Compare models quickly with fit_lin()

Linearized models transform disease intensity before fitting a straight line. This is fast and often useful for model comparison, but transformations also change the error scale. Always inspect the fitted curves on the original disease intensity scale.

set.seed(1)
epi <- sim_logistic(N = 60, y0 = 0.01, dt = 5, r = 0.12, alpha = 0.2, n = 4)
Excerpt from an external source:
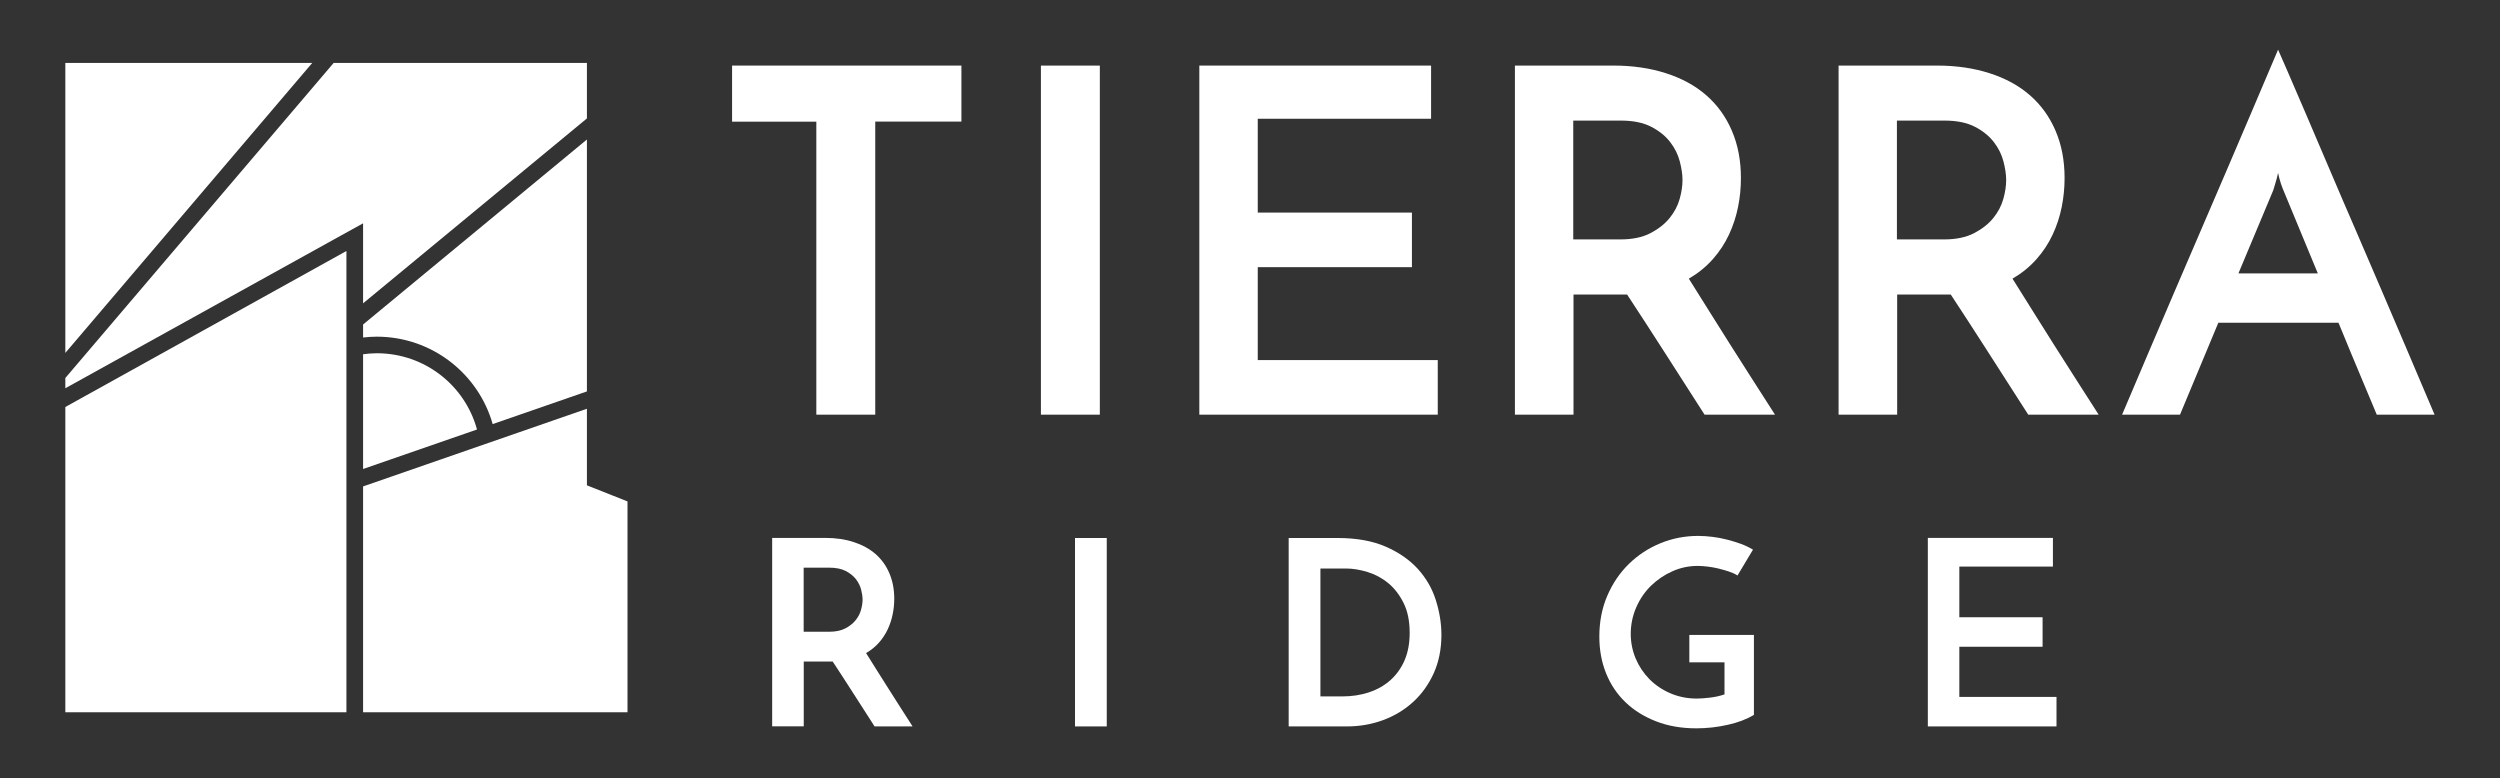 <?xml version="1.0" encoding="UTF-8"?><svg id="Layer_1" xmlns="http://www.w3.org/2000/svg" viewBox="0 0 300 93.39"><rect x="0" y="0" width="300" height="93.39" fill="#333333" stroke="none"/><defs><style>.cls-1{fill:#fff;}</style></defs><g><path class="cls-1" d="M115.37,7.87v6.72h-10.34V49.76h-7.07V14.6h-10.11V7.87h27.52Z"/><path class="cls-1" d="M124.91,7.87h7.07V49.76h-7.07V7.87Z"/><path class="cls-1" d="M143.92,49.76V7.87h27.81v6.38h-20.8v11.26h18.5v6.55h-18.5v11.15h21.6v6.55h-28.61Z"/><path class="cls-1" d="M181.79,49.76V7.87h11.84c2.3,0,4.4,.31,6.29,.92,1.9,.61,3.51,1.49,4.83,2.64s2.35,2.57,3.07,4.25c.73,1.69,1.09,3.58,1.09,5.69,0,1.15-.11,2.3-.34,3.45-.23,1.15-.59,2.26-1.09,3.33-.5,1.07-1.15,2.06-1.95,2.96-.8,.9-1.76,1.68-2.87,2.33,.84,1.34,1.67,2.65,2.47,3.94,.8,1.28,1.62,2.58,2.44,3.88,.82,1.3,1.68,2.64,2.56,4.02,.88,1.38,1.84,2.87,2.87,4.48h-8.45c-1.72-2.68-3.35-5.22-4.88-7.61-1.53-2.39-3.01-4.66-4.42-6.81h-6.43v14.42h-7.01Zm7.01-21.03h5.63c1.46,0,2.66-.25,3.62-.75,.96-.5,1.72-1.1,2.3-1.81,.57-.71,.98-1.47,1.21-2.3,.23-.82,.34-1.58,.34-2.27,0-.65-.11-1.39-.32-2.21-.21-.82-.59-1.6-1.15-2.33-.56-.73-1.31-1.34-2.27-1.84-.96-.5-2.18-.75-3.68-.75h-5.69v14.25Z"/><path class="cls-1" d="M220.63,49.76V7.87h11.84c2.3,0,4.4,.31,6.29,.92,1.9,.61,3.51,1.49,4.83,2.64,1.32,1.15,2.35,2.57,3.07,4.25,.73,1.69,1.09,3.58,1.09,5.69,0,1.15-.11,2.3-.34,3.45-.23,1.15-.59,2.26-1.09,3.33-.5,1.07-1.15,2.06-1.95,2.96-.8,.9-1.76,1.68-2.87,2.33,.84,1.34,1.67,2.65,2.47,3.94,.8,1.28,1.62,2.58,2.44,3.88,.82,1.3,1.68,2.64,2.56,4.02,.88,1.38,1.84,2.87,2.87,4.48h-8.45c-1.72-2.68-3.35-5.22-4.88-7.61-1.53-2.39-3.01-4.66-4.42-6.81h-6.43v14.42h-7.01Zm7.01-21.03h5.63c1.46,0,2.66-.25,3.62-.75,.96-.5,1.72-1.1,2.3-1.81,.57-.71,.98-1.47,1.21-2.3,.23-.82,.34-1.58,.34-2.27,0-.65-.11-1.39-.32-2.21-.21-.82-.59-1.6-1.15-2.33-.56-.73-1.31-1.34-2.27-1.84-.96-.5-2.18-.75-3.68-.75h-5.69v14.25Z"/><path class="cls-1" d="M285.21,49.76c-.11-.27-.32-.75-.6-1.44-.29-.69-.64-1.53-1.06-2.53-.42-1-.88-2.1-1.38-3.3-.5-1.21-1.02-2.46-1.55-3.76h-14.42l-4.6,11.03h-6.95c.15-.35,.52-1.2,1.09-2.56,.57-1.36,1.29-3.05,2.15-5.06,.86-2.01,1.82-4.25,2.87-6.72,1.05-2.47,2.14-4.99,3.25-7.56,1.11-2.57,2.19-5.08,3.25-7.56,1.05-2.47,2.01-4.71,2.87-6.72,.86-2.01,1.58-3.7,2.15-5.06,.57-1.36,.94-2.21,1.09-2.56,.15,.34,.53,1.2,1.12,2.56,.59,1.36,1.32,3.05,2.18,5.06,.86,2.01,1.82,4.25,2.87,6.72,1.05,2.47,2.13,4.99,3.25,7.56,1.11,2.57,2.19,5.08,3.25,7.56,1.05,2.47,2.01,4.71,2.87,6.72,.86,2.01,1.58,3.7,2.15,5.06,.57,1.36,.94,2.21,1.09,2.56h-6.95Zm-16.61-16.95h9.54l-4.14-10s-.13-.3-.29-.77c-.15-.48-.27-.91-.34-1.29-.08,.38-.19,.82-.34,1.29-.15,.48-.23,.74-.23,.77l-4.19,10Z"/></g><g><path class="cls-1" d="M92.66,87.16v-22.61h6.39c1.24,0,2.37,.16,3.4,.5,1.02,.33,1.89,.81,2.61,1.43,.71,.62,1.27,1.38,1.66,2.3,.39,.91,.59,1.93,.59,3.07,0,.62-.06,1.24-.19,1.86-.12,.62-.32,1.22-.59,1.8-.27,.58-.62,1.11-1.05,1.6-.43,.49-.95,.91-1.55,1.26,.45,.72,.9,1.43,1.33,2.12,.43,.69,.87,1.39,1.32,2.09,.44,.7,.9,1.43,1.38,2.17,.48,.74,.99,1.55,1.55,2.42h-4.56c-.93-1.45-1.81-2.82-2.64-4.11-.83-1.29-1.62-2.52-2.39-3.68h-3.47v7.78h-3.78Zm3.78-11.35h3.04c.79,0,1.44-.13,1.95-.4,.52-.27,.93-.59,1.24-.98,.31-.38,.53-.8,.65-1.24,.12-.44,.19-.85,.19-1.23,0-.35-.06-.75-.17-1.19-.11-.44-.32-.86-.62-1.26-.3-.39-.71-.72-1.23-.99-.52-.27-1.18-.4-1.98-.4h-3.07v7.69Z"/><path class="cls-1" d="M129,64.56h3.81v22.61h-3.81v-22.61Z"/><path class="cls-1" d="M154.65,64.56h5.86c2.27,0,4.2,.35,5.78,1.04,1.58,.69,2.87,1.59,3.86,2.68,.99,1.1,1.71,2.34,2.15,3.74,.44,1.39,.67,2.79,.67,4.17,0,1.69-.31,3.22-.91,4.57-.61,1.35-1.43,2.51-2.47,3.46-1.03,.95-2.24,1.68-3.61,2.19-1.38,.51-2.83,.76-4.36,.76h-6.98v-22.61Zm6.39,19.01c1.18,0,2.26-.16,3.26-.5,.99-.33,1.85-.82,2.57-1.47,.72-.65,1.29-1.45,1.69-2.39,.4-.94,.6-2.03,.6-3.27,0-1.41-.24-2.6-.73-3.58-.49-.98-1.1-1.78-1.85-2.39-.74-.61-1.57-1.05-2.48-1.33-.91-.28-1.78-.42-2.61-.42h-3.04v15.35h2.57Z"/><path class="cls-1" d="M210.47,76.18v9.61c-.87,.52-1.92,.92-3.15,1.19-1.23,.28-2.49,.42-3.77,.42-1.78,0-3.39-.28-4.82-.84-1.44-.56-2.66-1.32-3.67-2.29-1.01-.97-1.79-2.13-2.33-3.47-.54-1.34-.81-2.81-.81-4.4,0-1.8,.32-3.44,.96-4.92,.64-1.48,1.5-2.75,2.59-3.81,1.09-1.07,2.35-1.89,3.78-2.48,1.44-.59,2.95-.88,4.54-.88,.54,0,1.1,.04,1.69,.11,.59,.07,1.17,.18,1.75,.33,.58,.15,1.14,.32,1.67,.51,.54,.2,1.02,.43,1.46,.7l-1.86,3.1c-.29-.19-.64-.35-1.04-.48-.4-.13-.82-.25-1.26-.36-.43-.1-.86-.18-1.29-.23-.42-.05-.82-.08-1.19-.08-1.05,0-2.06,.21-3.02,.64-.96,.42-1.81,1-2.56,1.72-.74,.72-1.34,1.59-1.78,2.59s-.67,2.07-.67,3.21c0,1.03,.2,2.02,.59,2.95,.39,.93,.94,1.75,1.64,2.47,.7,.71,1.54,1.28,2.51,1.7,.97,.42,2.04,.64,3.19,.64,.41,0,.93-.04,1.55-.11,.62-.07,1.21-.2,1.77-.39v-3.85h-4.22v-3.29h7.72Z"/><path class="cls-1" d="M231.34,87.16v-22.61h15.01v3.44h-11.23v6.08h9.99v3.54h-9.99v6.02h11.66v3.54h-15.44Z"/></g><g><polygon class="cls-1" points="7.84 7.55 7.84 42.35 37.47 7.55 7.84 7.55"/><path class="cls-1" d="M45.21,42.39c-.56,0-1.11,.05-1.64,.12v13.77l13.67-4.74c-1.43-5.27-6.26-9.15-12.03-9.15Z"/><path class="cls-1" d="M43.57,40.5c.54-.06,1.09-.1,1.64-.1,6.62,0,12.2,4.45,13.91,10.49l11.31-3.92V16.74l-26.86,22.2v1.56Z"/><polygon class="cls-1" points="40.04 7.55 7.84 45.36 7.84 46.59 40.13 28.7 43.57 26.8 43.57 36.4 70.43 14.21 70.43 7.55 40.04 7.55"/><polygon class="cls-1" points="70.43 58.24 70.43 49.05 43.57 58.37 43.57 85.47 70.43 85.47 75.3 85.47 75.3 60.17 70.43 58.24"/><polygon class="cls-1" points="7.84 48.84 7.84 85.47 41.57 85.47 41.57 30.12 7.84 48.84"/></g></svg>

fit_lin_out <- fit_lin(time = epi$time, y = epi$random_y)
knitr::kable(fit_lin_out$stats_all, digits = 4)
best_model model r r_se r_ci_lwr r_ci_upr v0 v0_se r_squared RSE CCC y0 y0_ci_lwr y0_ci_upr
1 Logistic 0.1202 0.0011 0.1180 0.1224 -4.5730 0.0394 0.9957 0.1504 0.9979 0.0102 0.0095 0.0111
2 Gompertz 0.0694 0.0022 0.0649 0.0739 -1.9893 0.0792 0.9505 0.3021 0.9746 0.0007 0.0002 0.0020
3 Exponential 0.0780 0.0029 0.0722 0.0839 -4.0617 0.1032 0.9346 0.3938 0.9662 0.0172 0.0140 0.0212
4 Monomolecular 0.0422 0.0028 0.0366 0.0478 -0.5113 0.0983 0.8215 0.3751 0.9020 -0.6674 -1.0315 -0.3687
plot_fit(fit_lin_out, models = c("Logistic", "Gompertz"))

Faceted plot comparing logistic and Gompertz fitted curves against observed disease intensity values.

Nonlinear fitting with starting values

fit_nlin() fits the same candidate models directly to the original disease intensity values. Nonlinear optimization needs starting values, so poor starts or weakly informative data can lead to non-convergence. When this happens, inspect the curve, adjust starting_par, and consider whether the chosen model is identifiable from the observed time points.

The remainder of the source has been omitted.